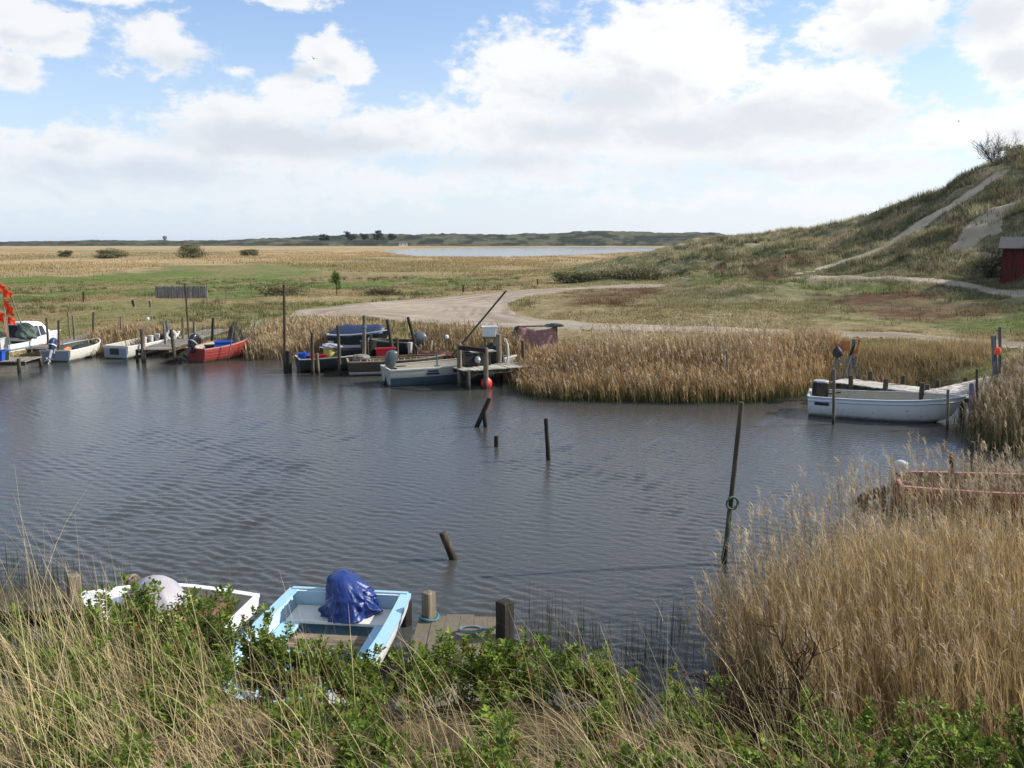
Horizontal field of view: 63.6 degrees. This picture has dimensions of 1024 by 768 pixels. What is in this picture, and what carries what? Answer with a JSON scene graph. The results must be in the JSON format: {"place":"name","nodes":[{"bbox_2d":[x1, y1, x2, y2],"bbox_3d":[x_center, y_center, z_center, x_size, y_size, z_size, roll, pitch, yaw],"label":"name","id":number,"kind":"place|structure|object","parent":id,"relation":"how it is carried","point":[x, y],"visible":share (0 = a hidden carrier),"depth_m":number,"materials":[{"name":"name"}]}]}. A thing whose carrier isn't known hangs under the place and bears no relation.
{"place":"outdoors","nodes":[
{"label":"outdoors","id":0,"kind":"place"},
{"bbox_2d":[0,231,762,245],"bbox_3d":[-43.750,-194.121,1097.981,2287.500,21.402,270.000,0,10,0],"label":"distant hills","id":1,"kind":"structure","parent":0,"point":[603,238],"depth_m":1017.90,"materials":[{"name":"plant"}]},
{"bbox_2d":[0,354,1023,730],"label":"water","id":2,"kind":"structure","parent":0,"point":[268,480],"depth_m":19.07,"materials":[{"name":"grey liquid"}]},
{"bbox_2d":[4,321,60,351],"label":"cabin boat","id":3,"kind":"object","parent":2,"relation":"on","point":[40,334],"visible":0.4,"depth_m":40.81,"materials":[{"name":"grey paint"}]},
{"bbox_2d":[0,542,129,599],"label":"rushes","id":4,"kind":"object","parent":2,"relation":"in","point":[54,578],"visible":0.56,"depth_m":13.62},
{"bbox_2d":[39,338,100,363],"bbox_3d":[-21.348,-1.770,40.231,1.790,1.312,4.319,1,10,4],"label":"white dinghy","id":5,"kind":"object","parent":2,"relation":"on","point":[52,354],"visible":0.91,"depth_m":38.90,"materials":[{"name":"paint"}]},
{"bbox_2d":[103,331,179,358],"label":"old white boat","id":6,"kind":"object","parent":2,"relation":"on","point":[120,350],"visible":0.41,"depth_m":40.03,"materials":[{"name":"paint"}]},
{"bbox_2d":[81,583,259,657],"bbox_3d":[-4.891,3.392,11.545,2.337,0.905,1.540,1,10,7],"label":"half hidden boat","id":7,"kind":"object","parent":2,"relation":"on","point":[248,599],"visible":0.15,"depth_m":11.82,"materials":[{"name":"white paint"}]},
{"bbox_2d":[121,575,188,612],"bbox_3d":[-4.980,2.900,11.496,0.911,0.466,0.808,0,10,0],"label":"tarpaulin","id":8,"kind":"object","parent":7,"relation":"on","point":[173,588],"visible":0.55,"depth_m":11.38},
{"bbox_2d":[178,333,251,363],"bbox_3d":[-14.243,-1.841,40.019,1.640,1.525,4.884,4,11,22],"label":"red boat","id":9,"kind":"object","parent":2,"relation":"on","point":[196,353],"visible":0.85,"depth_m":38.85,"materials":[{"name":"paint"}]},
{"bbox_2d":[223,569,410,705],"bbox_3d":[-2.546,3.524,10.477,1.890,1.128,3.572,1,10,6],"label":"blue boat","id":10,"kind":"object","parent":2,"relation":"on","point":[305,603],"visible":0.38,"depth_m":11.53,"materials":[{"name":"paint"}]},
{"bbox_2d":[318,568,382,623],"bbox_3d":[-2.352,2.982,11.803,0.967,0.554,0.884,10,14,44],"label":"tarpaulin","id":11,"kind":"object","parent":10,"relation":"on","point":[354,592],"visible":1,"depth_m":11.55,"materials":[{"name":"plastic"}]},
{"bbox_2d":[294,352,361,372],"bbox_3d":[-7.433,-1.023,36.759,4.187,1.022,1.740,-4,11,-22],"label":"dark boat","id":12,"kind":"object","parent":2,"relation":"on","point":[325,365],"visible":0.35,"depth_m":35.73,"materials":[{"name":"black paint"}]},
{"bbox_2d":[346,354,445,375],"bbox_3d":[-4.959,-0.773,35.636,4.238,0.912,1.540,-2,10,-14],"label":"brown boat","id":13,"kind":"object","parent":2,"relation":"on","point":[368,368],"visible":0.46,"depth_m":34.86,"materials":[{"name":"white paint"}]},
{"bbox_2d":[422,589,435,621],"bbox_3d":[-1.138,3.613,11.503,0.167,1.536,0.165,-10,14,-44],"label":"mooring post","id":14,"kind":"object","parent":2,"relation":"in","point":[429,604],"visible":0.38,"depth_m":11.35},
{"bbox_2d":[380,350,516,386],"bbox_3d":[-2.524,-0.675,33.597,5.937,1.659,1.790,-4,11,-23],"label":"grey boat","id":15,"kind":"object","parent":2,"relation":"on","point":[432,372],"visible":0.6,"depth_m":32.56,"materials":[{"name":"paint"}]},
{"bbox_2d":[495,598,514,671],"bbox_3d":[-0.083,3.639,10.928,0.205,1.652,0.201,9,13,43],"label":"mooring post","id":16,"kind":"object","parent":2,"relation":"in","point":[504,610],"visible":0.38,"depth_m":10.77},
{"bbox_2d":[514,570,741,701],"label":"rushes","id":17,"kind":"object","parent":2,"relation":"in","point":[534,616],"visible":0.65,"depth_m":11.39,"materials":[{"name":"plant"}]},
{"bbox_2d":[722,402,743,563],"bbox_3d":[3.811,2.028,14.386,0.288,3.509,0.092,0,10,0],"label":"mooring pole","id":18,"kind":"object","parent":2,"relation":"in","point":[736,451],"visible":0.81,"depth_m":14.26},
{"bbox_2d":[807,379,965,422],"bbox_3d":[11.967,0.776,26.599,4.614,1.535,1.790,4,11,22],"label":"white boat","id":19,"kind":"object","parent":2,"relation":"on","point":[898,406],"visible":0.89,"depth_m":26.15,"materials":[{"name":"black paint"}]},
{"bbox_2d":[875,460,1023,518],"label":"faded red boat","id":20,"kind":"object","parent":2,"relation":"on","point":[903,463],"visible":0.28,"depth_m":17.74,"materials":[{"name":"paint"}]},
{"bbox_2d":[0,148,1023,767],"bbox_3d":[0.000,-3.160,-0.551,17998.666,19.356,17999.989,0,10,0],"label":"ground","id":21,"kind":"structure","parent":0,"point":[872,306],"depth_m":59.68,"materials":[{"name":"plant"}]},
{"bbox_2d":[0,354,42,373],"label":"jetty","id":22,"kind":"object","parent":21,"relation":"on","point":[18,362],"visible":0.69,"depth_m":35.60,"materials":[{"name":"grey wood"}]},
{"bbox_2d":[0,599,72,700],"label":"rose bush","id":23,"kind":"object","parent":21,"relation":"on","point":[9,638],"visible":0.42,"depth_m":5.34,"materials":[{"name":"green plant"}]},
{"bbox_2d":[0,587,98,621],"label":"jetty","id":24,"kind":"object","parent":21,"relation":"on","point":[18,596],"visible":0.38,"depth_m":12.39,"materials":[{"name":"wood"}]},
{"bbox_2d":[7,686,97,761],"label":"rose bush","id":25,"kind":"object","parent":21,"relation":"on","point":[38,710],"visible":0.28,"depth_m":4.14,"materials":[{"name":"green plant"}]},
{"bbox_2d":[0,588,112,687],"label":"rose bush","id":26,"kind":"object","parent":21,"relation":"on","point":[53,623],"visible":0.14,"depth_m":6.01,"materials":[{"name":"green plant"}]},
{"bbox_2d":[0,632,115,740],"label":"rose bush","id":27,"kind":"object","parent":21,"relation":"on","point":[51,657],"visible":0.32,"depth_m":4.68,"materials":[{"name":"green plant"}]},
{"bbox_2d":[26,689,106,767],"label":"rose bush","id":28,"kind":"object","parent":21,"relation":"on","point":[69,721],"visible":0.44,"depth_m":3.57,"materials":[{"name":"green plant"}]},
{"bbox_2d":[46,577,152,693],"bbox_3d":[-2.951,1.818,5.914,0.673,0.877,1.299,-3,10,-19],"label":"rose bush","id":29,"kind":"object","parent":21,"relation":"on","point":[89,615],"visible":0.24,"depth_m":5.79,"materials":[{"name":"green plant"}]},
{"bbox_2d":[36,726,191,767],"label":"rose bush","id":30,"kind":"object","parent":21,"relation":"on","point":[131,763],"visible":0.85,"depth_m":3.33,"materials":[{"name":"green plant"}]},
{"bbox_2d":[81,320,181,358],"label":"reeds","id":31,"kind":"object","parent":21,"relation":"on","point":[113,332],"visible":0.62,"depth_m":43.24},
{"bbox_2d":[77,578,197,700],"bbox_3d":[-2.640,1.786,5.789,0.668,0.868,0.987,-9,13,-41],"label":"rose bush","id":32,"kind":"object","parent":21,"relation":"on","point":[131,614],"visible":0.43,"depth_m":5.60,"materials":[{"name":"green plant"}]},
{"bbox_2d":[83,677,214,762],"bbox_3d":[-1.987,1.869,4.442,0.638,0.501,0.500,5,11,29],"label":"rose bush","id":33,"kind":"object","parent":21,"relation":"on","point":[167,718],"visible":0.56,"depth_m":4.43,"materials":[{"name":"green plant"}]},
{"bbox_2d":[85,572,236,696],"bbox_3d":[-2.424,1.773,5.832,0.862,1.016,1.364,0,10,0],"label":"rose bush","id":34,"kind":"object","parent":21,"relation":"on","point":[200,622],"visible":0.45,"depth_m":5.71,"materials":[{"name":"green plant"}]},
{"bbox_2d":[78,615,257,743],"bbox_3d":[-1.993,1.852,5.103,1.105,0.820,0.664,2,10,9],"label":"rose bush","id":35,"kind":"object","parent":21,"relation":"on","point":[169,651],"visible":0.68,"depth_m":5.00,"materials":[{"name":"green plant"}]},
{"bbox_2d":[155,285,207,298],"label":"windscreen fence","id":36,"kind":"object","parent":21,"relation":"on","point":[193,292],"visible":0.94,"depth_m":75.00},
{"bbox_2d":[135,329,228,362],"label":"jetty","id":37,"kind":"object","parent":21,"relation":"on","point":[180,343],"visible":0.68,"depth_m":40.96,"materials":[{"name":"grey wood"}]},
{"bbox_2d":[137,588,275,699],"bbox_3d":[-2.249,1.994,6.145,0.972,0.869,0.975,-4,11,-24],"label":"rose bush","id":38,"kind":"object","parent":21,"relation":"on","point":[267,621],"visible":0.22,"depth_m":6.22,"materials":[{"name":"green plant"}]},
{"bbox_2d":[161,590,263,704],"bbox_3d":[-2.208,1.959,5.870,0.642,0.871,1.125,0,10,0],"label":"rose bush","id":39,"kind":"object","parent":21,"relation":"on","point":[226,618],"visible":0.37,"depth_m":6.05,"materials":[{"name":"green plant"}]},
{"bbox_2d":[204,626,296,699],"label":"rose bush","id":40,"kind":"object","parent":21,"relation":"on","point":[262,636],"visible":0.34,"depth_m":6.18,"materials":[{"name":"green plant"}]},
{"bbox_2d":[213,729,311,767],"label":"rose bush","id":41,"kind":"object","parent":21,"relation":"on","point":[248,762],"visible":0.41,"depth_m":3.81,"materials":[{"name":"green plant"}]},
{"bbox_2d":[0,273,540,344],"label":"rush tussocks","id":42,"kind":"object","parent":21,"relation":"on","point":[236,318],"visible":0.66,"depth_m":65.47,"materials":[{"name":"plant"}]},
{"bbox_2d":[237,620,323,703],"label":"rose bush","id":43,"kind":"object","parent":21,"relation":"on","point":[279,649],"visible":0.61,"depth_m":6.02,"materials":[{"name":"green plant"}]},
{"bbox_2d":[251,285,316,295],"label":"ditch scrub","id":44,"kind":"object","parent":21,"relation":"on","point":[291,290],"visible":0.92,"depth_m":78.25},
{"bbox_2d":[242,639,338,703],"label":"rose bush","id":45,"kind":"object","parent":21,"relation":"on","point":[275,682],"visible":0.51,"depth_m":5.96,"materials":[{"name":"green plant"}]},
{"bbox_2d":[257,655,329,742],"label":"rose bush","id":46,"kind":"object","parent":21,"relation":"on","point":[318,693],"visible":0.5,"depth_m":5.08,"materials":[{"name":"green plant"}]},
{"bbox_2d":[239,312,368,360],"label":"reeds","id":47,"kind":"object","parent":21,"relation":"on","point":[269,341],"visible":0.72,"depth_m":41.35,"materials":[{"name":"plant"}]},
{"bbox_2d":[0,251,649,281],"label":"reed plain","id":48,"kind":"structure","parent":21,"relation":"on","point":[344,266],"depth_m":190.71,"materials":[{"name":"plant"}]},
{"bbox_2d":[261,678,410,764],"bbox_3d":[-0.934,1.928,4.537,0.660,0.645,0.698,9,13,41],"label":"rose bush","id":49,"kind":"object","parent":21,"relation":"on","point":[382,733],"visible":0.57,"depth_m":4.58,"materials":[{"name":"green plant"}]},
{"bbox_2d":[293,652,386,706],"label":"rose bush","id":50,"kind":"object","parent":21,"relation":"on","point":[337,682],"visible":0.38,"depth_m":6.01,"materials":[{"name":"green plant"}]},
{"bbox_2d":[254,724,426,767],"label":"rose bush","id":51,"kind":"object","parent":21,"relation":"on","point":[292,734],"visible":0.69,"depth_m":3.59,"materials":[{"name":"green plant"}]},
{"bbox_2d":[326,329,387,350],"bbox_3d":[-7.308,-2.162,40.273,3.120,1.172,1.740,4,10,20],"label":"covered boat","id":52,"kind":"object","parent":21,"relation":"on","point":[352,342],"visible":0.46,"depth_m":39.62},
{"bbox_2d":[327,324,385,337],"bbox_3d":[-7.385,-2.624,40.222,2.796,0.667,1.820,4,10,20],"label":"boat cover","id":53,"kind":"object","parent":52,"relation":"on","point":[349,329],"visible":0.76,"depth_m":39.76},
{"bbox_2d":[332,638,408,706],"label":"rose bush","id":54,"kind":"object","parent":21,"relation":"on","point":[393,657],"visible":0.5,"depth_m":6.36,"materials":[{"name":"green plant"}]},
{"bbox_2d":[327,705,433,767],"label":"rose bush","id":55,"kind":"object","parent":21,"relation":"on","point":[353,760],"visible":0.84,"depth_m":3.67,"materials":[{"name":"green plant"}]},
{"bbox_2d":[342,657,423,724],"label":"rose bush","id":56,"kind":"object","parent":21,"relation":"on","point":[366,668],"visible":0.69,"depth_m":5.54,"materials":[{"name":"green plant"}]},
{"bbox_2d":[0,269,815,366],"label":"meadow grass","id":57,"kind":"structure","parent":21,"relation":"on","point":[107,294],"depth_m":63.76,"materials":[{"name":"plant"}]},
{"bbox_2d":[391,627,483,708],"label":"rose bush","id":58,"kind":"object","parent":21,"relation":"on","point":[437,658],"visible":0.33,"depth_m":6.38,"materials":[{"name":"green plant"}]},
{"bbox_2d":[395,614,498,708],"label":"jetty","id":59,"kind":"object","parent":21,"relation":"on","point":[425,632],"visible":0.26,"depth_m":11.00,"materials":[{"name":"wood"}]},
{"bbox_2d":[404,626,504,713],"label":"rose bush","id":60,"kind":"object","parent":21,"relation":"on","point":[430,679],"visible":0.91,"depth_m":5.79,"materials":[{"name":"green plant"}]},
{"bbox_2d":[404,319,534,361],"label":"reeds","id":61,"kind":"object","parent":21,"relation":"on","point":[458,337],"visible":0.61,"depth_m":37.71,"materials":[{"name":"plant"}]},
{"bbox_2d":[457,343,487,389],"bbox_3d":[-1.524,-0.243,31.902,1.360,2.630,0.248,5,11,26],"label":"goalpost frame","id":62,"kind":"object","parent":21,"relation":"on","point":[460,347],"visible":0.77,"depth_m":31.66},
{"bbox_2d":[433,704,526,767],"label":"rose bush","id":63,"kind":"object","parent":21,"relation":"on","point":[480,732],"visible":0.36,"depth_m":4.27,"materials":[{"name":"green plant"}]},
{"bbox_2d":[444,643,523,705],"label":"rose bush","id":64,"kind":"object","parent":21,"relation":"on","point":[464,692],"visible":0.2,"depth_m":6.27,"materials":[{"name":"green plant"}]},
{"bbox_2d":[449,715,524,767],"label":"rose bush","id":65,"kind":"object","parent":21,"relation":"on","point":[498,756],"visible":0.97,"depth_m":3.58,"materials":[{"name":"green plant"}]},
{"bbox_2d":[469,686,522,765],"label":"rose bush","id":66,"kind":"object","parent":21,"relation":"on","point":[506,709],"visible":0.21,"depth_m":4.93,"materials":[{"name":"green plant"}]},
{"bbox_2d":[454,638,539,705],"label":"rose bush","id":67,"kind":"object","parent":21,"relation":"on","point":[511,663],"visible":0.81,"depth_m":5.92,"materials":[{"name":"green plant"}]},
{"bbox_2d":[452,362,545,389],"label":"jetty","id":68,"kind":"object","parent":21,"relation":"on","point":[501,368],"visible":0.47,"depth_m":32.25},
{"bbox_2d":[0,465,1023,767],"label":"marram grass","id":69,"kind":"structure","parent":21,"relation":"on","point":[30,687],"depth_m":4.50,"materials":[{"name":"plant"}]},
{"bbox_2d":[516,325,557,343],"bbox_3d":[1.147,-1.606,36.766,1.907,2.052,0.114,0,10,0],"label":"net rack","id":70,"kind":"object","parent":21,"relation":"on","point":[536,326],"visible":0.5,"depth_m":36.58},
{"bbox_2d":[519,327,555,353],"bbox_3d":[1.123,-1.864,36.506,1.669,1.353,0.361,0,10,0],"label":"hanging net","id":71,"kind":"object","parent":70,"relation":"hanging from","point":[533,336],"visible":0.68,"depth_m":36.51,"materials":[{"name":"red"}]},
{"bbox_2d":[491,626,584,702],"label":"rose bush","id":72,"kind":"object","parent":21,"relation":"on","point":[526,654],"visible":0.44,"depth_m":6.24,"materials":[{"name":"green plant"}]},
{"bbox_2d":[517,631,606,711],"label":"rose bush","id":73,"kind":"object","parent":21,"relation":"on","point":[562,659],"visible":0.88,"depth_m":5.95,"materials":[{"name":"green plant"}]},
{"bbox_2d":[547,271,600,282],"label":"scrub mound","id":74,"kind":"object","parent":21,"relation":"on","point":[575,276],"visible":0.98,"depth_m":90.33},
{"bbox_2d":[558,656,617,712],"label":"rose bush","id":75,"kind":"object","parent":21,"relation":"on","point":[609,675],"visible":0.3,"depth_m":6.08,"materials":[{"name":"green plant"}]},
{"bbox_2d":[573,686,623,767],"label":"rose bush","id":76,"kind":"object","parent":21,"relation":"on","point":[599,724],"visible":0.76,"depth_m":5.08,"materials":[{"name":"green plant"}]},
{"bbox_2d":[590,640,646,723],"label":"rose bush","id":77,"kind":"object","parent":21,"relation":"on","point":[626,683],"visible":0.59,"depth_m":6.03,"materials":[{"name":"green plant"}]},
{"bbox_2d":[582,728,681,767],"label":"rose bush","id":78,"kind":"object","parent":21,"relation":"on","point":[656,760],"visible":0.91,"depth_m":3.71,"materials":[{"name":"green plant"}]},
{"bbox_2d":[584,267,682,278],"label":"scrub mound","id":79,"kind":"object","parent":21,"relation":"on","point":[631,273],"visible":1,"depth_m":89.62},
{"bbox_2d":[504,309,865,404],"bbox_3d":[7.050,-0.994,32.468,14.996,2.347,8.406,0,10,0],"label":"reeds","id":80,"kind":"object","parent":21,"relation":"on","point":[768,379],"visible":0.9,"depth_m":30.89,"materials":[{"name":"plant"}]},
{"bbox_2d":[656,688,729,767],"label":"rose bush","id":81,"kind":"object","parent":21,"relation":"on","point":[699,724],"visible":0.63,"depth_m":5.28,"materials":[{"name":"green plant"}]},
{"bbox_2d":[653,659,732,739],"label":"rose bush","id":82,"kind":"object","parent":21,"relation":"on","point":[681,694],"visible":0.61,"depth_m":5.94,"materials":[{"name":"green plant"}]},
{"bbox_2d":[675,616,843,767],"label":"bare shrub","id":83,"kind":"object","parent":21,"relation":"on","point":[788,715],"visible":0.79,"depth_m":5.21,"materials":[{"name":"plant"}]},
{"bbox_2d":[718,726,813,767],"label":"rose bush","id":84,"kind":"object","parent":21,"relation":"on","point":[752,753],"visible":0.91,"depth_m":4.39,"materials":[{"name":"green plant"}]},
{"bbox_2d":[526,143,1023,347],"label":"dune grass","id":85,"kind":"structure","parent":21,"relation":"on","point":[806,240],"depth_m":71.27,"materials":[{"name":"plant"}]},
{"bbox_2d":[765,708,838,767],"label":"rose bush","id":86,"kind":"object","parent":21,"relation":"on","point":[788,742],"visible":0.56,"depth_m":5.24,"materials":[{"name":"green plant"}]},
{"bbox_2d":[589,148,1023,301],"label":"marram clumps","id":87,"kind":"object","parent":21,"relation":"on","point":[891,262],"visible":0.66,"depth_m":82.31,"materials":[{"name":"plant"}]},
{"bbox_2d":[659,429,1023,767],"bbox_3d":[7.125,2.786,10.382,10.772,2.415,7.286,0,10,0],"label":"reeds","id":88,"kind":"object","parent":21,"relation":"on","point":[991,594],"visible":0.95,"depth_m":9.77,"materials":[{"name":"plant"}]},
{"bbox_2d":[796,684,903,767],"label":"rose bush","id":89,"kind":"object","parent":21,"relation":"on","point":[865,721],"visible":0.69,"depth_m":5.37,"materials":[{"name":"green plant"}]},
{"bbox_2d":[715,325,1023,459],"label":"bank grass","id":90,"kind":"structure","parent":21,"relation":"on","point":[988,334],"depth_m":37.16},
{"bbox_2d":[810,737,941,767],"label":"rose bush","id":91,"kind":"object","parent":21,"relation":"on","point":[881,760],"visible":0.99,"depth_m":4.14,"materials":[{"name":"green plant"}]},
{"bbox_2d":[830,371,940,399],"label":"jetty","id":92,"kind":"object","parent":21,"relation":"on","point":[851,383],"visible":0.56,"depth_m":28.18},
{"bbox_2d":[885,703,947,767],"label":"rose bush","id":93,"kind":"object","parent":21,"relation":"on","point":[903,738],"visible":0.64,"depth_m":5.44,"materials":[{"name":"green plant"}]},
{"bbox_2d":[828,330,1010,389],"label":"reeds","id":94,"kind":"object","parent":21,"relation":"on","point":[955,353],"visible":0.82,"depth_m":33.15,"materials":[{"name":"plant"}]},
{"bbox_2d":[893,725,998,767],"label":"rose bush","id":95,"kind":"object","parent":21,"relation":"on","point":[965,738],"visible":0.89,"depth_m":4.42,"materials":[{"name":"green plant"}]},
{"bbox_2d":[898,691,1023,767],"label":"rose bush","id":96,"kind":"object","parent":21,"relation":"on","point":[944,737],"visible":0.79,"depth_m":5.32,"materials":[{"name":"green plant"}]},
{"bbox_2d":[925,376,1012,405],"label":"jetty","id":97,"kind":"object","parent":21,"relation":"on","point":[956,389],"visible":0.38,"depth_m":27.14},
{"bbox_2d":[967,254,1001,278],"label":"bramble","id":98,"kind":"object","parent":21,"relation":"on","point":[991,264],"visible":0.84,"depth_m":57.08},
{"bbox_2d":[947,196,1023,251],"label":"sand slope","id":99,"kind":"structure","parent":21,"relation":"on","point":[970,232],"depth_m":69.40,"materials":[{"name":"sand"}]},
{"bbox_2d":[951,709,1023,767],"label":"rose bush","id":100,"kind":"object","parent":21,"relation":"on","point":[990,741],"visible":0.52,"depth_m":5.64,"materials":[{"name":"green plant"}]},
{"bbox_2d":[954,346,1023,459],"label":"reeds","id":101,"kind":"object","parent":21,"relation":"on","point":[991,416],"visible":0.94,"depth_m":23.37,"materials":[{"name":"plant"}]},
{"bbox_2d":[970,128,1023,161],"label":"hilltop shrub","id":102,"kind":"object","parent":21,"relation":"on","point":[989,150],"visible":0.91,"depth_m":88.74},
{"bbox_2d":[992,704,1023,764],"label":"rose bush","id":103,"kind":"object","parent":21,"relation":"on","point":[1019,732],"visible":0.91,"depth_m":5.35,"materials":[{"name":"green plant"}]},
{"bbox_2d":[998,237,1023,284],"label":"red shed","id":104,"kind":"structure","parent":21,"relation":"on","point":[1012,265],"depth_m":54.58,"materials":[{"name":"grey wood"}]},
{"bbox_2d":[0,0,1023,241],"label":"sky","id":105,"kind":"structure","parent":0,"point":[140,120],"materials":[{"name":"blue"}]},
{"bbox_2d":[385,247,656,257],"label":"lake water","id":106,"kind":"structure","parent":0,"point":[519,251],"depth_m":452.86,"materials":[{"name":"grey liquid"}]},
{"bbox_2d":[290,284,1023,348],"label":"gravel road","id":107,"kind":"structure","parent":0,"point":[473,308],"depth_m":57.45,"materials":[{"name":"gravel"}]},
{"bbox_2d":[795,169,1009,274],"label":"sand path","id":108,"kind":"structure","parent":0,"point":[925,221],"depth_m":81.02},
{"bbox_2d":[808,275,1023,297],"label":"gravel path","id":109,"kind":"structure","parent":0,"point":[993,291],"depth_m":57.67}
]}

____

Task brief: Only lines with the string "black" belong in the answer; copy each of them from the listing.

Solved problem:
{"bbox_2d":[294,352,361,372],"bbox_3d":[-7.433,-1.023,36.759,4.187,1.022,1.740,-4,11,-22],"label":"dark boat","id":12,"kind":"object","parent":2,"relation":"on","point":[325,365],"visible":0.35,"depth_m":35.73,"materials":[{"name":"black paint"}]},
{"bbox_2d":[807,379,965,422],"bbox_3d":[11.967,0.776,26.599,4.614,1.535,1.790,4,11,22],"label":"white boat","id":19,"kind":"object","parent":2,"relation":"on","point":[898,406],"visible":0.89,"depth_m":26.15,"materials":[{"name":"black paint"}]},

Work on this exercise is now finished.